[Stored dataset items]
[Start of section]

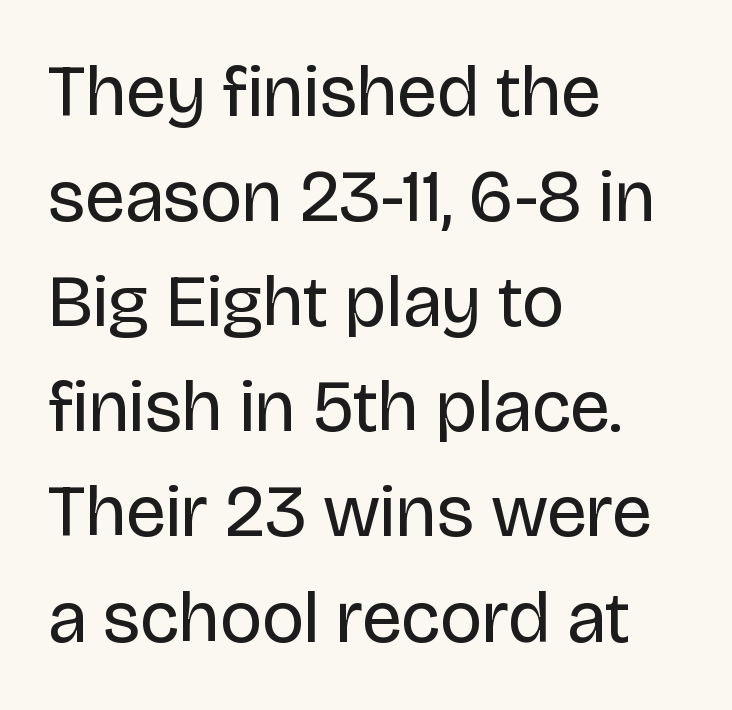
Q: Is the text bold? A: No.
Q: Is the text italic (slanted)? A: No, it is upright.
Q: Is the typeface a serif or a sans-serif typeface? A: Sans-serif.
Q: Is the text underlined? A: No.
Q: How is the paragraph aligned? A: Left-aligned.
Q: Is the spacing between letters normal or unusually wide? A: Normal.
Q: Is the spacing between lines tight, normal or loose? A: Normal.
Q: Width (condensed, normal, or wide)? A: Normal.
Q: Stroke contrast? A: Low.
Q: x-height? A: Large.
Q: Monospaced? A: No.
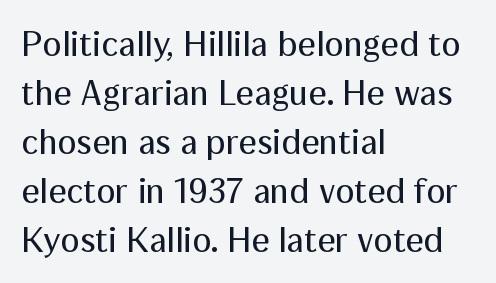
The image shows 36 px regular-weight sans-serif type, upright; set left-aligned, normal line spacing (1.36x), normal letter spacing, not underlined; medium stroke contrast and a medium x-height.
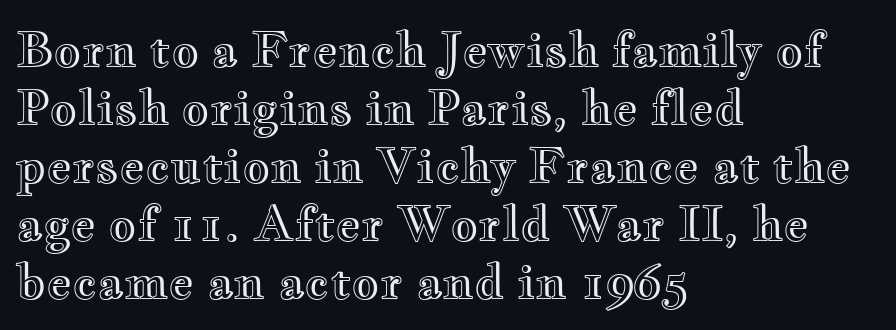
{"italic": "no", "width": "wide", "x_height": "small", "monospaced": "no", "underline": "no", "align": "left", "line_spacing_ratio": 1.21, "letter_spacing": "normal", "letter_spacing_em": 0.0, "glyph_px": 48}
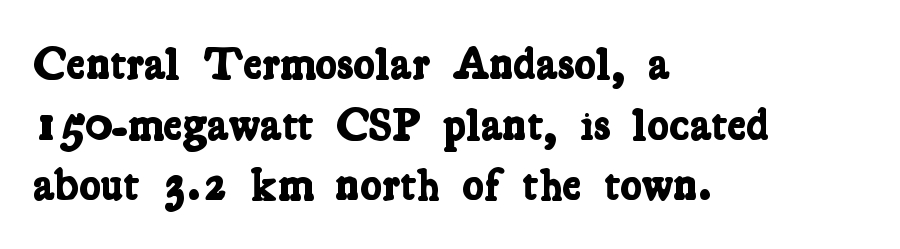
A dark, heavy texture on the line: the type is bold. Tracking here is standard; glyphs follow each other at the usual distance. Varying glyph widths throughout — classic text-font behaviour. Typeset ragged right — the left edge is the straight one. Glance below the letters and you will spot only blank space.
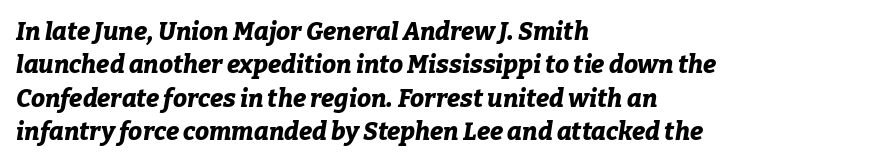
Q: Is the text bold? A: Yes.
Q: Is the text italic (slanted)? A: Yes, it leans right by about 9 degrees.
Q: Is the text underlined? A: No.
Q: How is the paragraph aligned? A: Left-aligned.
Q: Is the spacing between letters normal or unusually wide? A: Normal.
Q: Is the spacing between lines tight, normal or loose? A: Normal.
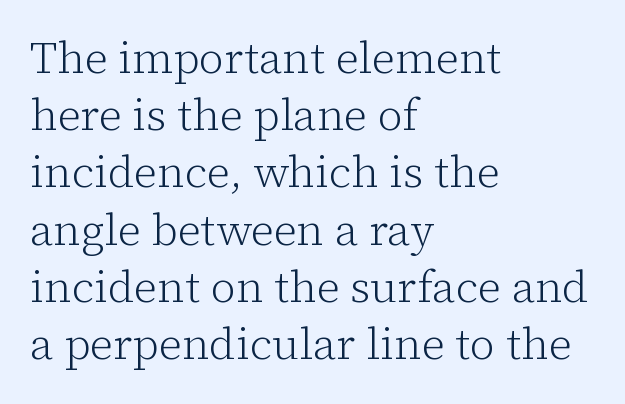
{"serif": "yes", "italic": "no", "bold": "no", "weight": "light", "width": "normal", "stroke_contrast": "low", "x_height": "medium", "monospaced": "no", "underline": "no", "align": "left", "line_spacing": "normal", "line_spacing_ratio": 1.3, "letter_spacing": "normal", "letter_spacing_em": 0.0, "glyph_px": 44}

[End of section]

Directions for this task: Return the stretch of data that begins with the line showing "Q: x-height? A: Large." and goes on through the line showing "The image shows", exactly, with pictures removed.

Final answer:
Q: x-height? A: Large.
Q: Monospaced? A: No.
The image shows 36 px regular-weight sans-serif type, upright; set left-aligned, normal line spacing (1.36x), normal letter spacing, not underlined; medium stroke contrast and a medium x-height.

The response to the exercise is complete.